Si ricorda Apple? L’anno scorso crollava e tutti scappavano parlando di bolla. Oggi è su nuovi massimi, non è che la bolla è ora?  Lei se non sbaglio aveva comprato su quella caduta…
“Sì, ma non azioni, avevo comprato i bond. Non ne so granché perché è un titolo sul quale non abbiamo fatto studi, avevamo preso il bond perché rendeva quasi il 3%, ma non vedo bolle e non vedo problemi particolari. Vedo che l’America è sempre più cattiva nel punire i titoli quando bucano le previsioni anche di solo un centesimo, ma è anche generosissima sulle positività, come con Tesla in questi giorni. Apple però resta fantastica”.

A proposito di bolle, lei su Tesla era molto scettico…
“Sì sì, su Tesla resto molto scettico, infatti da quei tempi è scesa molto. Non può valere quello che capitalizza, secondo me.”

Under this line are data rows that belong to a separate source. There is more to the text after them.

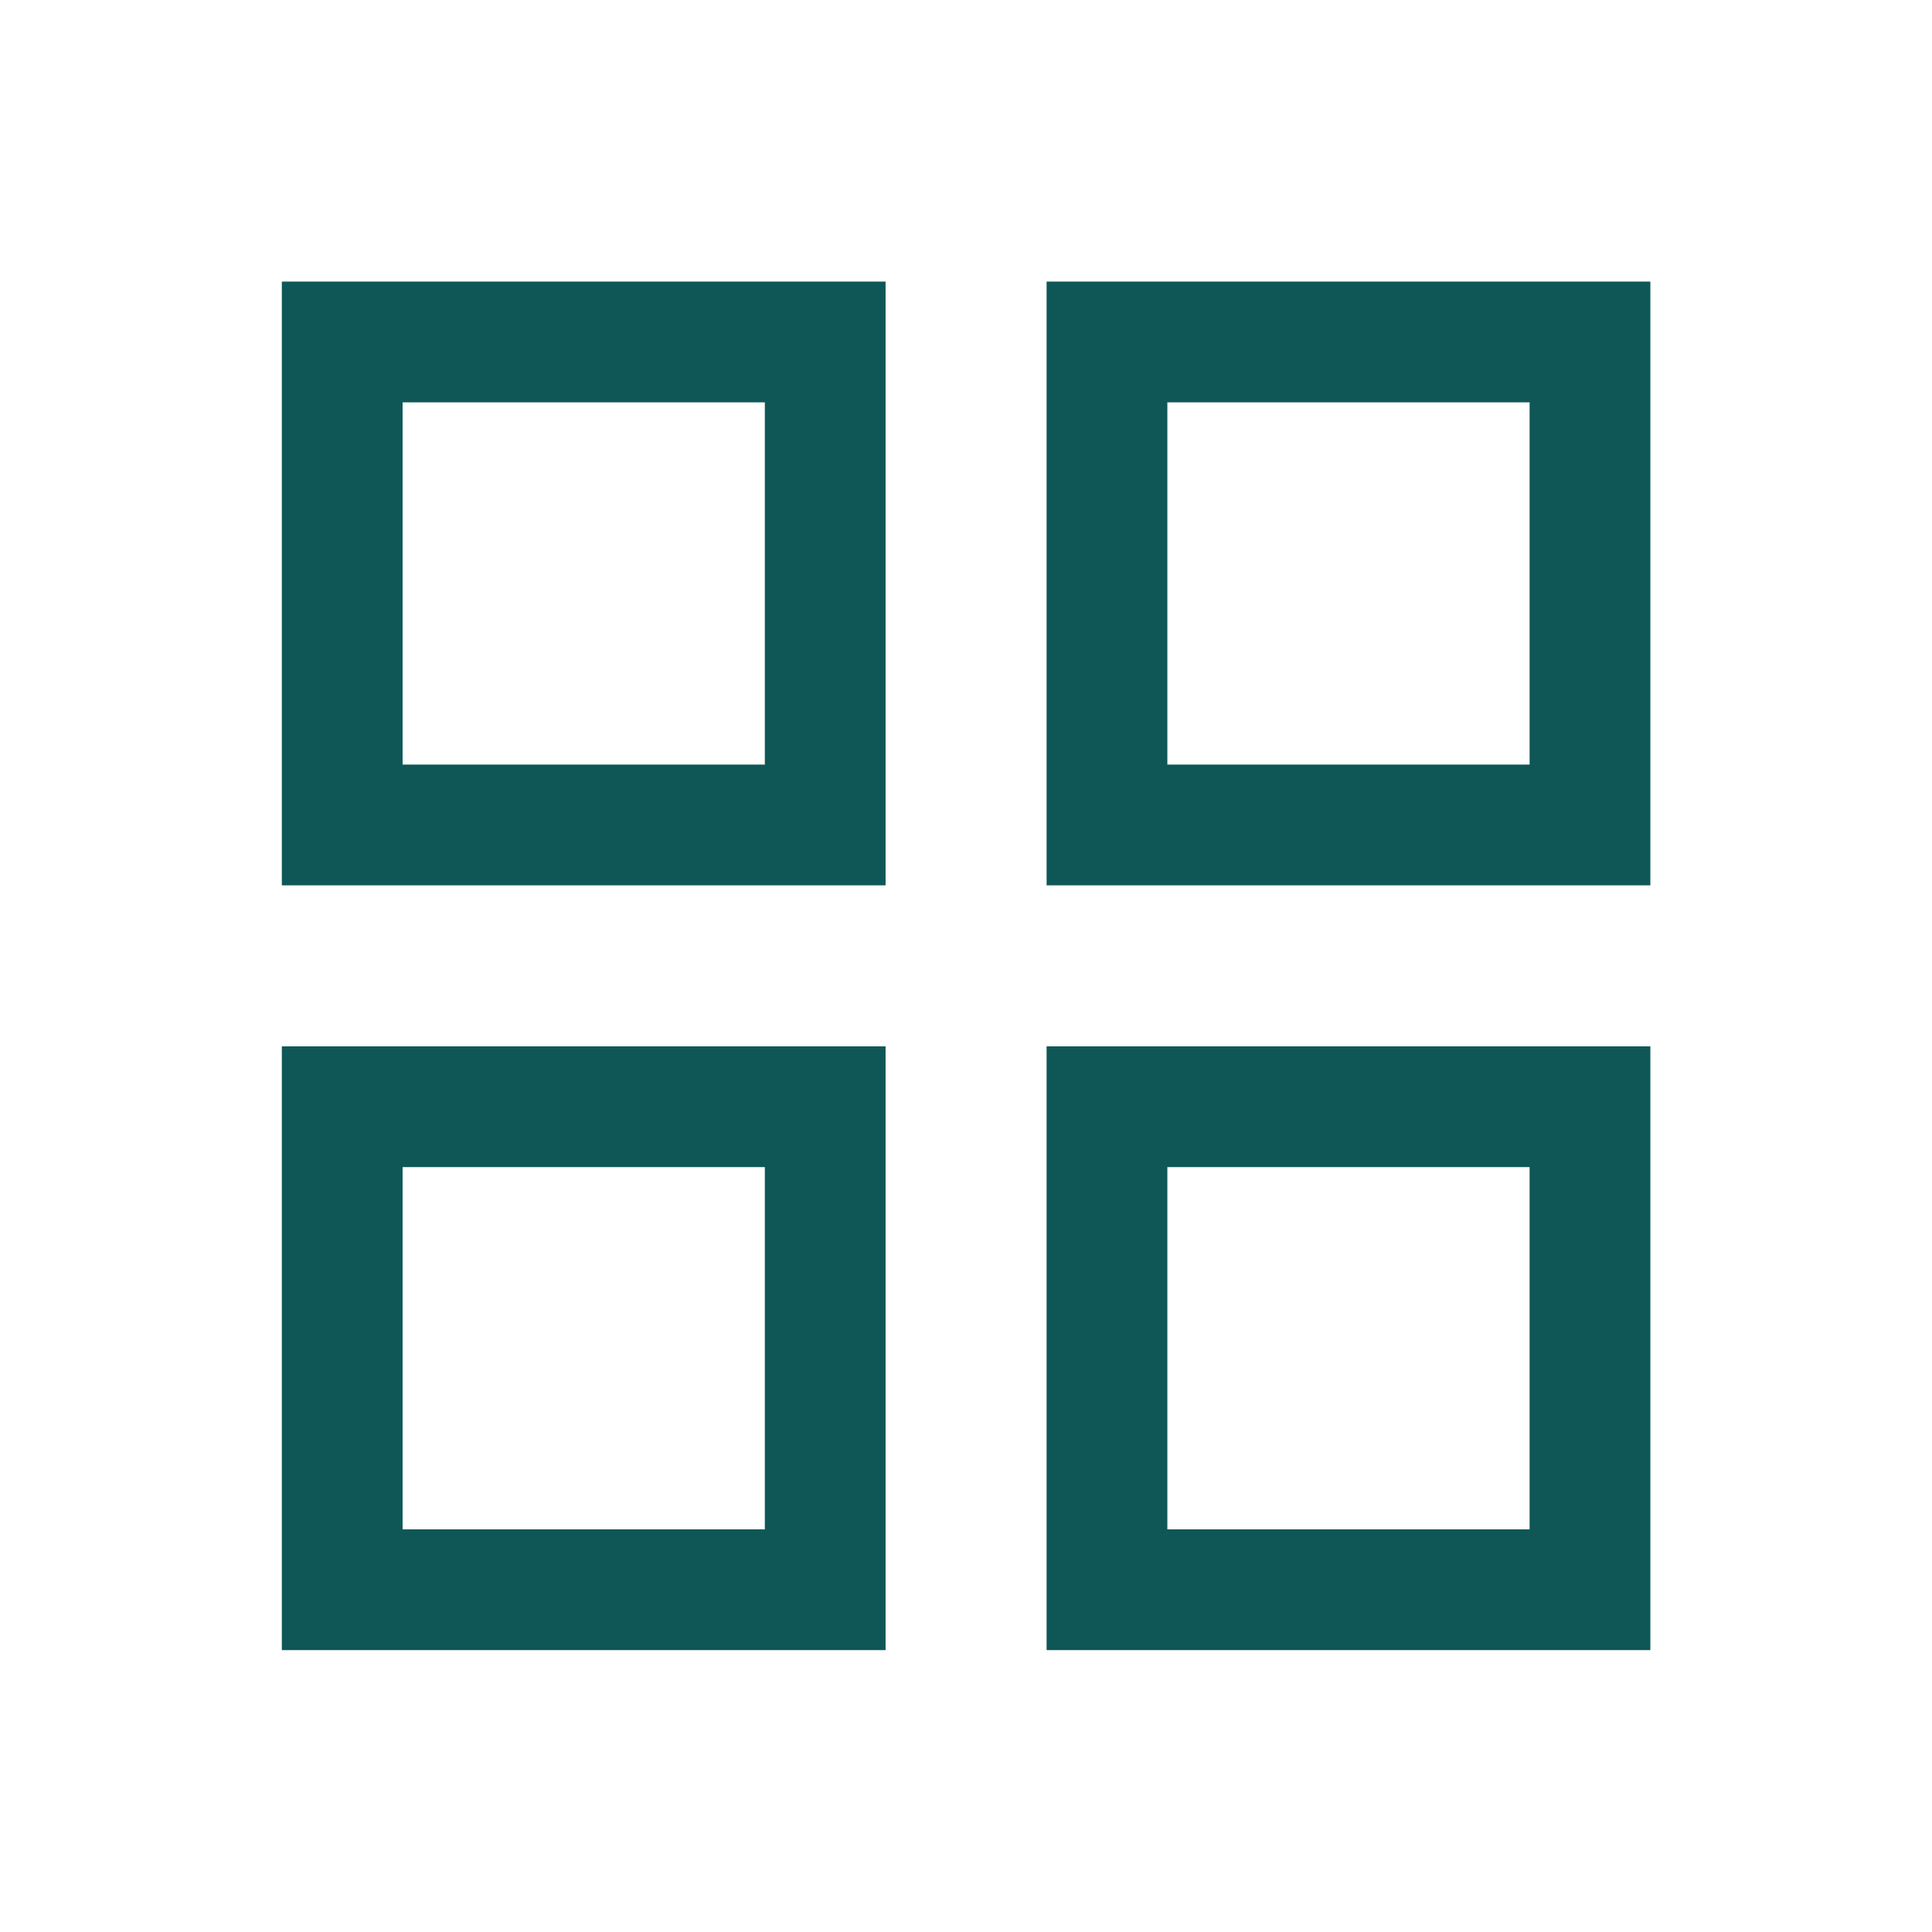 <svg width="32" height="32" viewBox="0 0 32 32" fill="none" xmlns="http://www.w3.org/2000/svg">
<g clip-path="url(#clip0_1729_588)">
<mask id="mask0_1729_588" style="mask-type:luminance" maskUnits="userSpaceOnUse" x="0" y="0" width="32" height="32">
<path d="M32 0H0V32H32V0Z" fill="#D9D9D9"/>
</mask>
<g mask="url(#mask0_1729_588)">
<path d="M4.668 14.664V4.664H14.668V14.664H4.668ZM4.668 27.331V17.331H14.668V27.331H4.668ZM17.335 14.664V4.664H27.335V14.664H17.335ZM17.335 27.331V17.331H27.335V27.331H17.335ZM6.668 12.664H12.668V6.664H6.668V12.664ZM19.335 12.664H25.335V6.664H19.335V12.664ZM19.335 25.331H25.335V19.331H19.335V25.331ZM6.668 25.331H12.668V19.331H6.668V25.331Z" fill="#0F5757"/>
</g>
</g>
<defs>
<clipPath id="clip0_1729_588">
<rect width="32" height="32" fill="white"/>
</clipPath>
</defs>
</svg>

Concludiamo con l’Italia, 8 anni fa nel pieno della crisi, un imprenditore comprò una pagina del Corriere scrivendo “compriamo il nostro debito”, con il Btp che rendeva il 7% pochi lo ascoltarono. Oggi che vale l’1%, perché siamo senza Salvini, tutti comprano, non è che siamo in un’altra bolla?
“Uno degli effetti è la liquidità. Purtroppo, il suo ragionamento parte da una Italia scassata, malmessa, distrutta ecc. il mio parte da una sana, laboriosa, produttiva che comunque un po’ cresce. Negli ultimi anni, guardi cosa è successo con la Turchia, con il Brasile, con la Russia, tanti altri paesi più grandi e più piccoli dell’Italia hanno dato delle sorprese prima positive poi negative, l’Italia no. L’Italia è un diesel, che va. Piano ma va. Per cui secondo me il mercato oggi, al di là della situazione politica che per fortuna si è risanata e non credo che queste elezioni in Umbria possano cambiarla, continua a premiarla. Io credo che oggi come oggi cominci ad essere premiata questa resilienza del sistema Italia che comunque è criticato da molti ma sta sempre lì. A lei che ama tanto la musica, questa volta la metafora gliela trovo io, come dice quel cantante?”

Vasco?
“Sì proprio la canzone di Vasco, “Io sono ancora qua”. Questa è l’Italia”.

Ci vediamo per fine anno?
“Certo, le mie idee sul 2020 sono già pronte”.